■ **MATERIAL SHOWN**:
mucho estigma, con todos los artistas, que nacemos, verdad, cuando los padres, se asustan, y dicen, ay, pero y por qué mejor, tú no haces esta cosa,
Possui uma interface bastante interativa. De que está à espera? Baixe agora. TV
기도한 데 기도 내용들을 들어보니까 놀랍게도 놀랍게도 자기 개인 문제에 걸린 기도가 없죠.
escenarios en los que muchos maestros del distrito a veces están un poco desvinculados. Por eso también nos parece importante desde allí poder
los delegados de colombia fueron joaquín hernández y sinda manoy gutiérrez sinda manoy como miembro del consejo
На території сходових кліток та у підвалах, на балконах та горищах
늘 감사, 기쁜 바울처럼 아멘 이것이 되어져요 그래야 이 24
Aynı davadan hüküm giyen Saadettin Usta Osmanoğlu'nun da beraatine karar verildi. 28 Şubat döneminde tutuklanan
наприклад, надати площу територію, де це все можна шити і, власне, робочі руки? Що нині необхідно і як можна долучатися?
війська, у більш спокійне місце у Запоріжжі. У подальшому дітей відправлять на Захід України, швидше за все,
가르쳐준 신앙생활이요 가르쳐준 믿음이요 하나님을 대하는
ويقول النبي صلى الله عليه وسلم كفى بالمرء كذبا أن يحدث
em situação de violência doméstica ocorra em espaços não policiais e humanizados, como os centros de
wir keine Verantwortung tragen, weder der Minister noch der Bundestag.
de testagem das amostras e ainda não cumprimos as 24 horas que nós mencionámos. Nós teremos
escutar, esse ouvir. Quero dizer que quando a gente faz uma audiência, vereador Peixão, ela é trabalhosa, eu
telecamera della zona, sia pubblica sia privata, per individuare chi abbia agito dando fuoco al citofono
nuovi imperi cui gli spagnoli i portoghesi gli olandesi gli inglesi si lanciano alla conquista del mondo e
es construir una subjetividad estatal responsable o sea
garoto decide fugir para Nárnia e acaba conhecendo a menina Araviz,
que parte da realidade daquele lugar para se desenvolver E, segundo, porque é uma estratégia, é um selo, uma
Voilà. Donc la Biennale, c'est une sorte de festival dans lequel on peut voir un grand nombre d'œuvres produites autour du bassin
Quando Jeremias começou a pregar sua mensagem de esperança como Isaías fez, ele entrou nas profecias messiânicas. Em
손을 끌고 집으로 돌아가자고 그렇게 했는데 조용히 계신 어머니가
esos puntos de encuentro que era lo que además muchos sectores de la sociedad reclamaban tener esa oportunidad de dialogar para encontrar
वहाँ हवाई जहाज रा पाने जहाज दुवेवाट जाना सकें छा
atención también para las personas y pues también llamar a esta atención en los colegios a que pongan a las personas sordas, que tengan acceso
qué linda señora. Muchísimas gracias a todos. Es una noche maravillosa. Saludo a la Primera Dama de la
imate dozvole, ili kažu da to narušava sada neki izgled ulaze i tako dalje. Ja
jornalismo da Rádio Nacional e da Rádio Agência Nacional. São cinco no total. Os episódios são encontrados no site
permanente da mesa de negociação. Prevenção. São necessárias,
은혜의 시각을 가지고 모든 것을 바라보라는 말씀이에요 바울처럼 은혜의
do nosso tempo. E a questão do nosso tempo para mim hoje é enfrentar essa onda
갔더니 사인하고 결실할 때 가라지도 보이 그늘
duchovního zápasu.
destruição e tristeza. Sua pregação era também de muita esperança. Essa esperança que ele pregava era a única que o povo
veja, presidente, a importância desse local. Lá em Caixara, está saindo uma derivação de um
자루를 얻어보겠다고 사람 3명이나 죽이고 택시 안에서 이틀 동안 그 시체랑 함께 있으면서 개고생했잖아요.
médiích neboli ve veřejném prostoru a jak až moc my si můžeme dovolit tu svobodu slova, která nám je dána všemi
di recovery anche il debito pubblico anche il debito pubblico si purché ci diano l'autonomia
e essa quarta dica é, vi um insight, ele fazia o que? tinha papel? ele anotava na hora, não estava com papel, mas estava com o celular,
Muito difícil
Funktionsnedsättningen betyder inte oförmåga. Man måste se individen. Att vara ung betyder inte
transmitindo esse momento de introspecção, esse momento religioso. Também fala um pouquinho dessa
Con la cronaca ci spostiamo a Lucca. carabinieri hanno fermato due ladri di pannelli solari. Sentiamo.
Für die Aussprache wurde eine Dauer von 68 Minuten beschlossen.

■ **BRIEF**: Only lines containing the word "como" should appear in the answer, and every such line from the records above must be there.

■ **WRITTEN SOLUTION**:
los delegados de colombia fueron joaquín hernández y sinda manoy gutiérrez sinda manoy como miembro del consejo
em situação de violência doméstica ocorra em espaços não policiais e humanizados, como os centros de
Quando Jeremias começou a pregar sua mensagem de esperança como Isaías fez, ele entrou nas profecias messiânicas. Em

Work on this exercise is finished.